Una grande classica del basket europeo, due squadre che hanno scritto pagine di storie importanti di questa competizione. Il Maccabi, che non vince a Mosca dal 2004, si presenta in Russia in un buon momento, reduce da due vittorie consecutive (3 nelle ultime 4) e alla caccia del terzo posto in classifica dopo lo scivolone del Fenerbahce di ieri. Anche i russi arrivano da un ottimo periodo e, dopo la sconfitta dell’Olympiacos in casa del Bamberg, hanno l’opportunità di restare da soli al primo posto.

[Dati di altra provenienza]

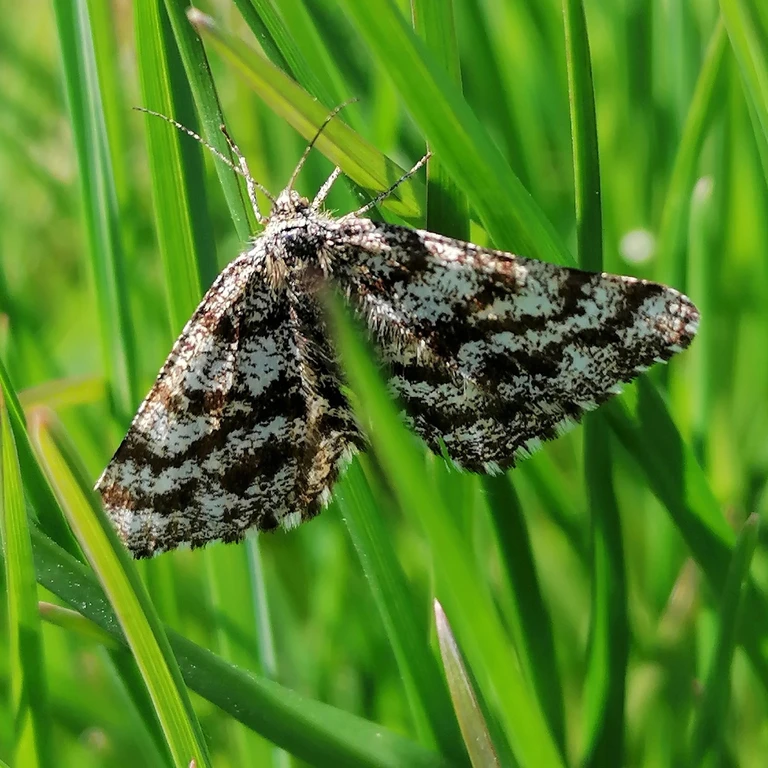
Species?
Ematurga atomaria
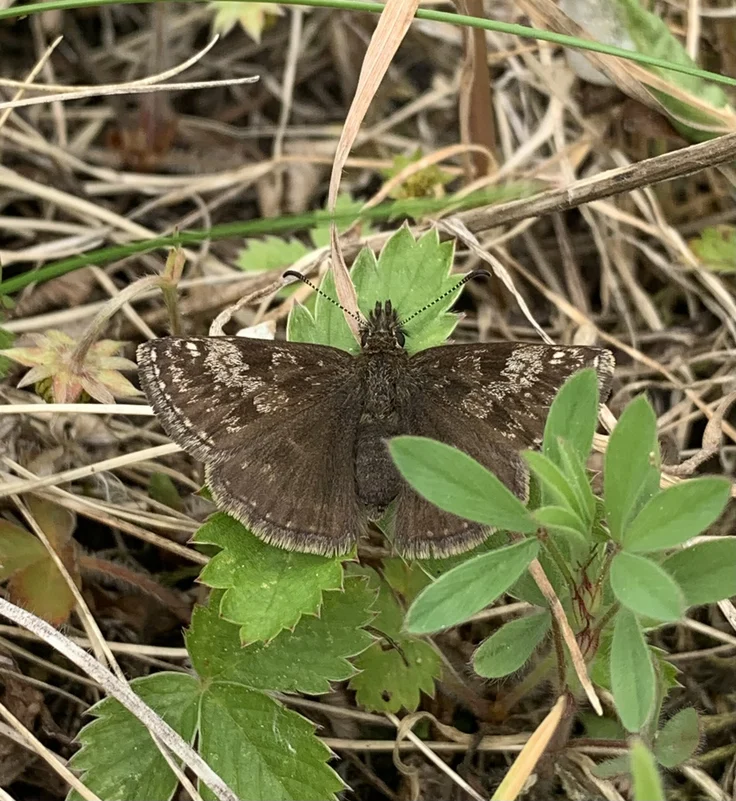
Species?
Erynnis tages
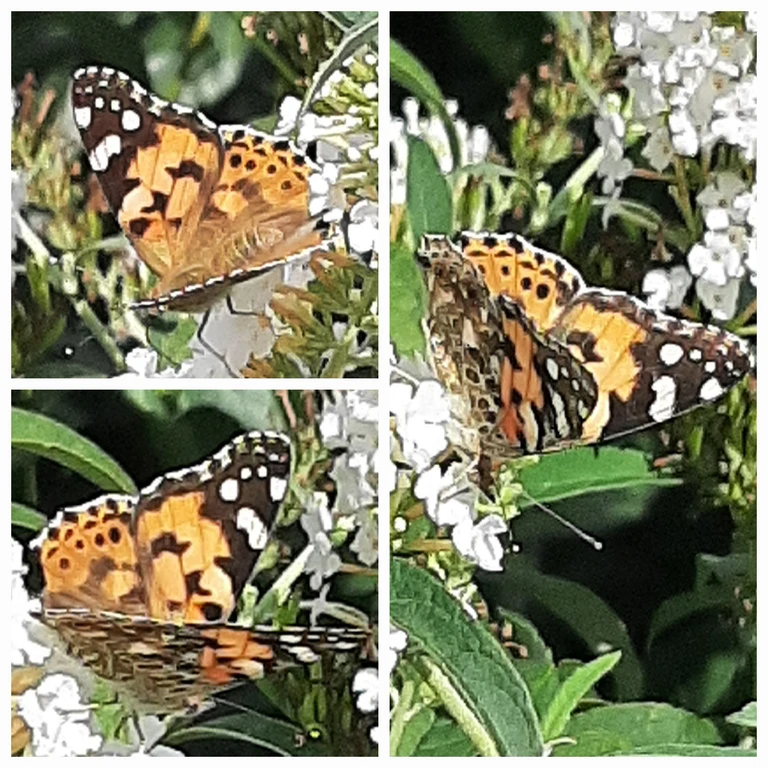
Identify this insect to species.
Vanessa cardui
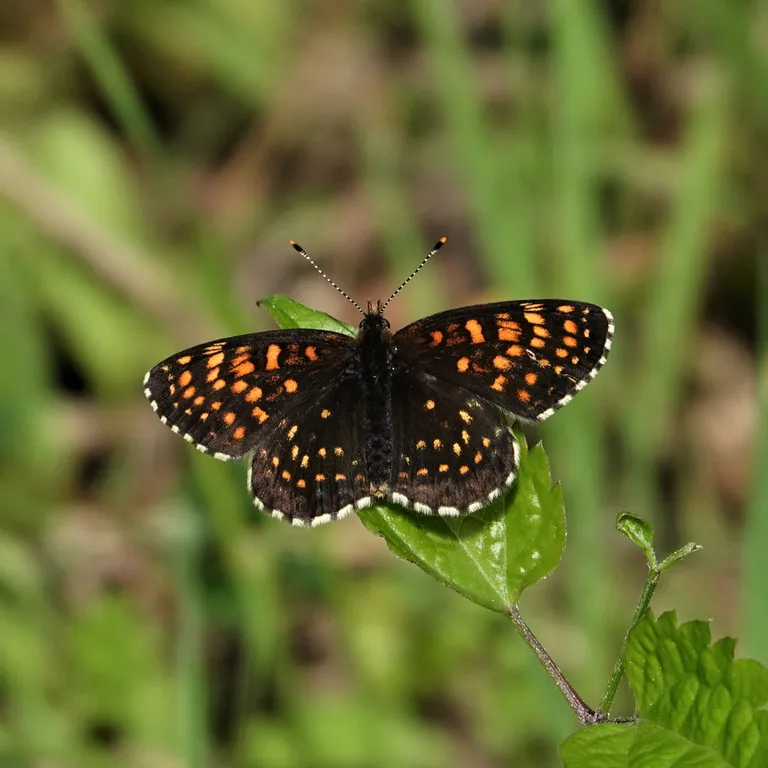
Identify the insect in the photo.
Melitaea diamina
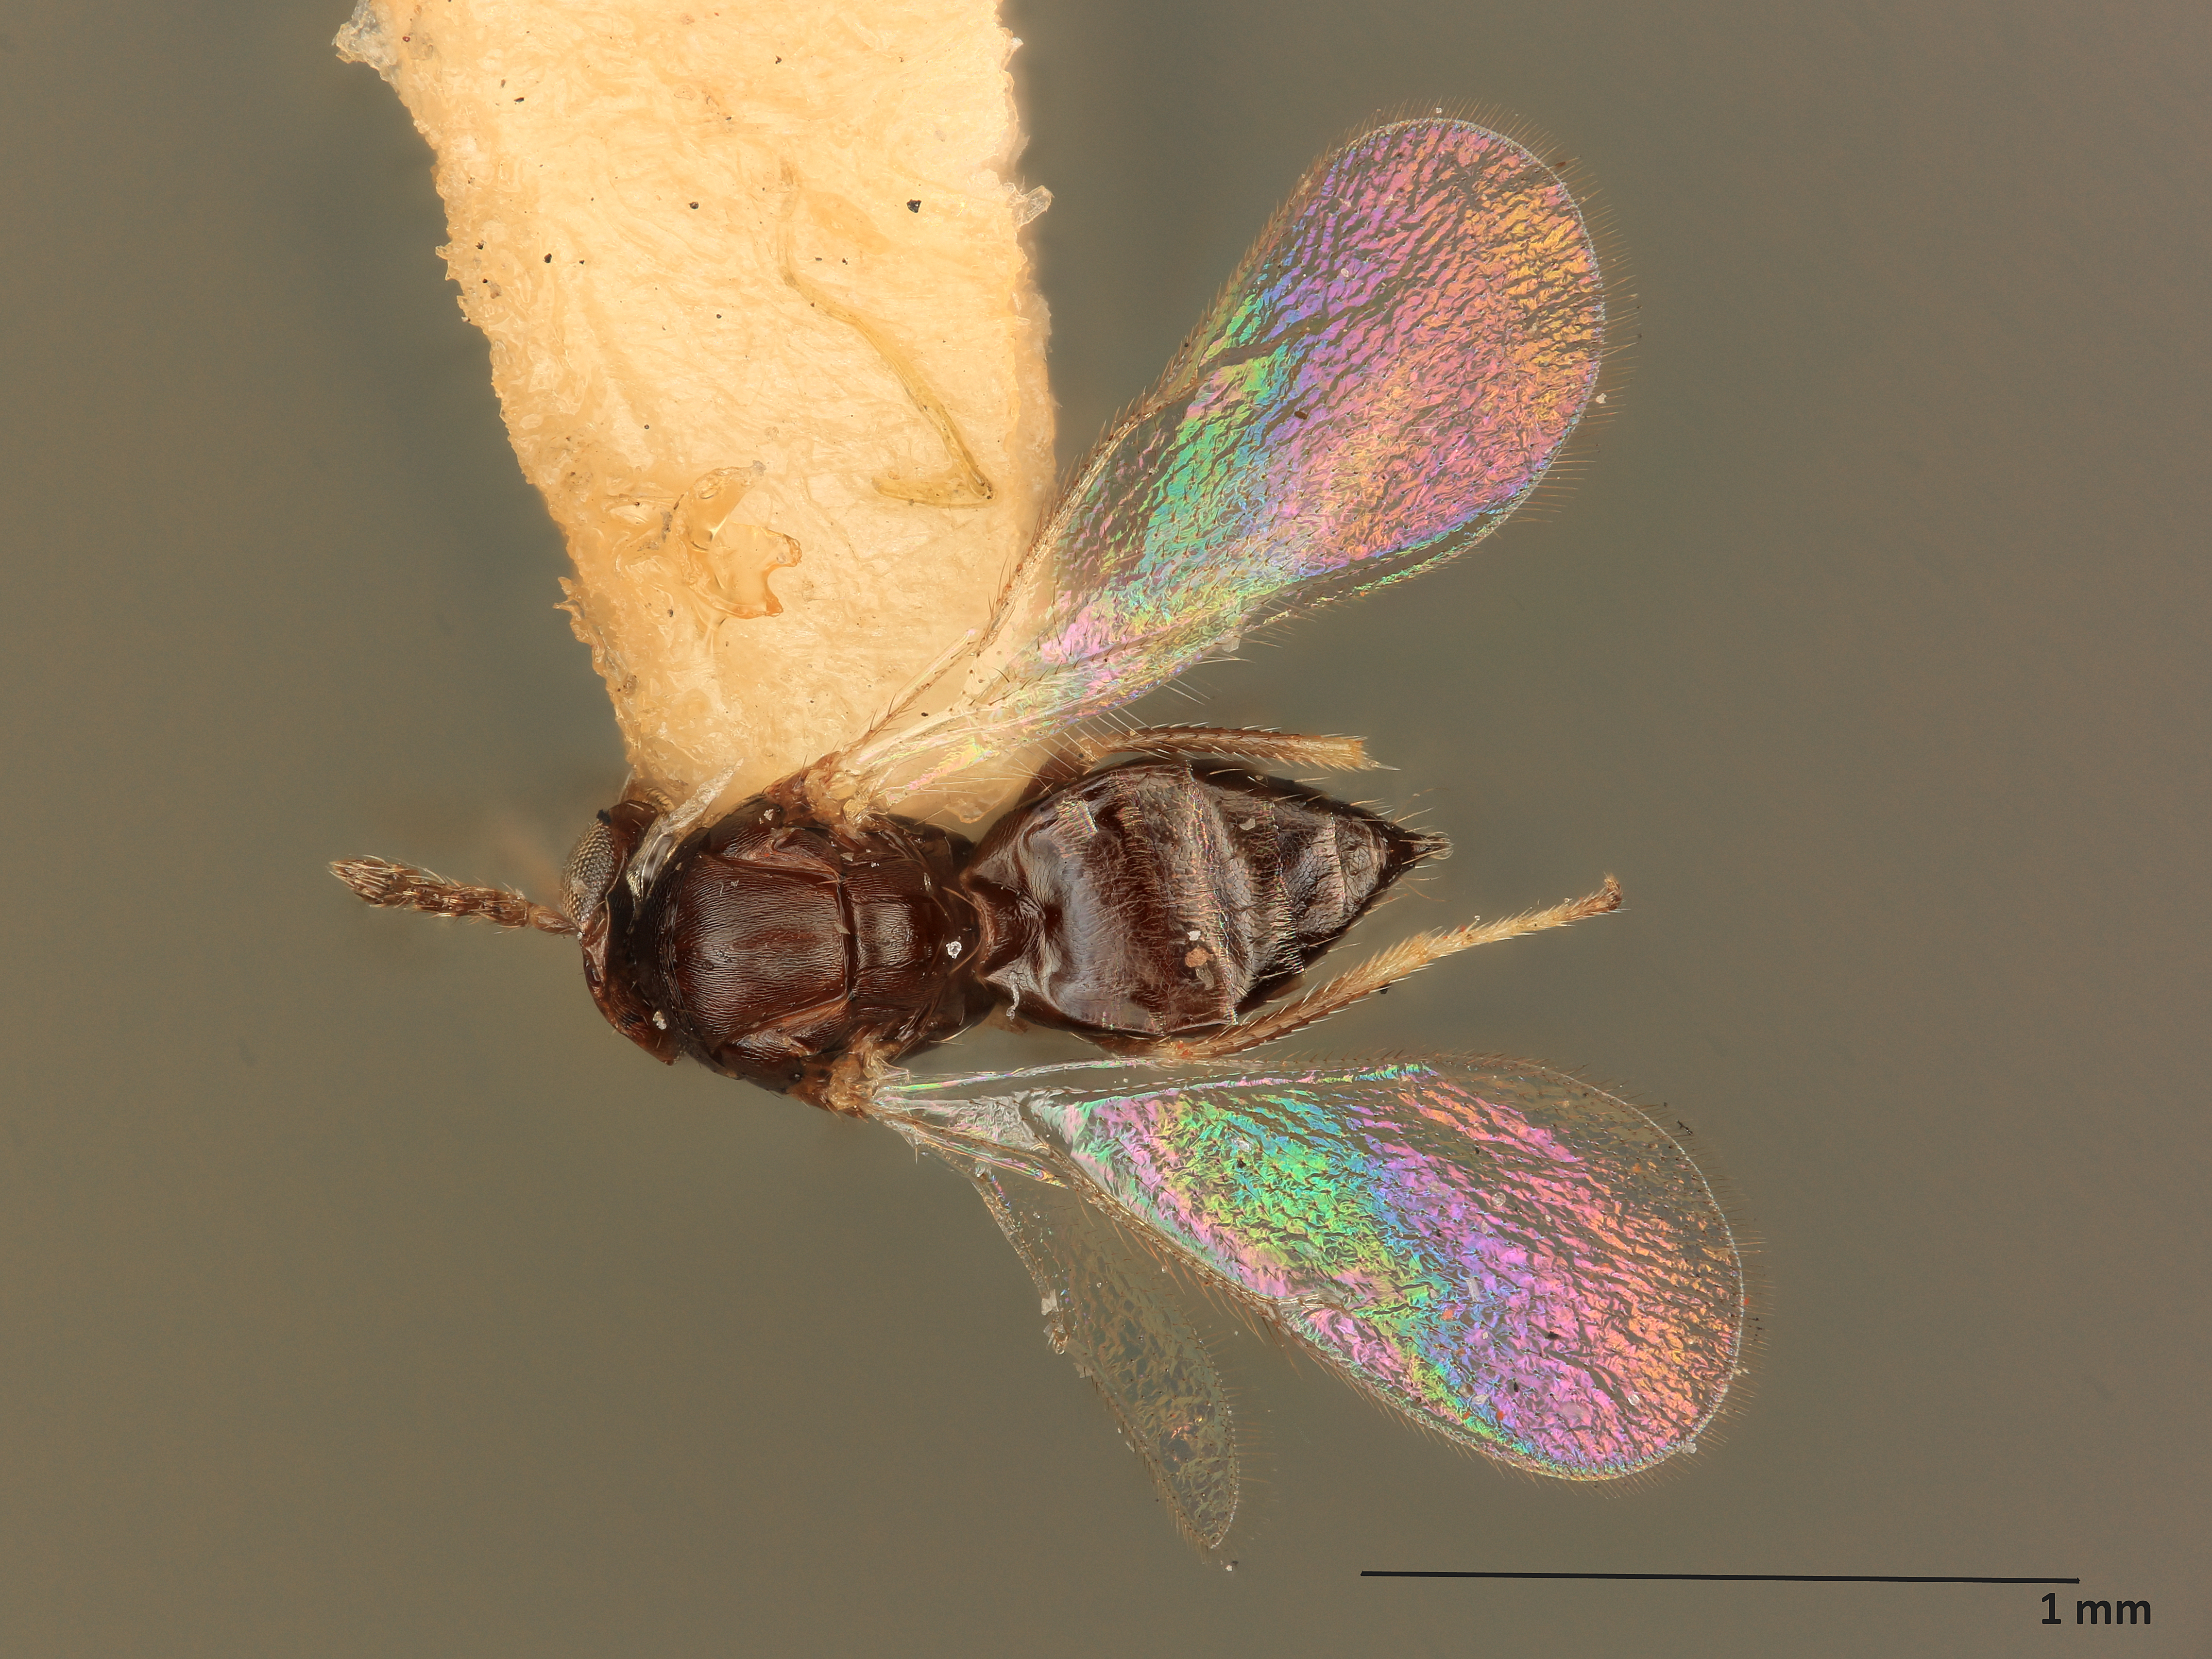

L’avvio di gara è equilibrato, con molti contatti e grande intensità, che portano le squadre ben presto in bonus. Nei primi dieci minuti la sfida scorre senza particolari sussulti, ma è nel secondo quarto che il CSKA prova a dare la prima spallata alla partita. I russi arrivano infatti anche a toccare il +16, ispirati da De Colo e Rodriguez, e le squadre vanno all’intervallo sul 49-34. Nel terzo periodo il Maccabi sembra più convinto ed esprime un gioco migliore rispetto ai primi quarti, però il CSKA non si fa sorprendere più di tanto, mantenendo 15 punti di vantaggio alle soglie degli ultimi 10 minuti. Ultimo quarto avvincente, con gli israeliani che hanno una grande reazione d’orgoglio, presi per mano da uno scatenato Norris Cole (24 punti e 7 assist). Il Maccabi risale addirittura fino al -6, ma negli ultimi secondi i liberi di De Colo chiudono definitivamente la partita, garantendo una meritata vittoria al CSKA. Il match si chiude sul 101-86, con la tripla finale del francese, che chiude con 23 punti personali e porta i suoi al primo posto solitario.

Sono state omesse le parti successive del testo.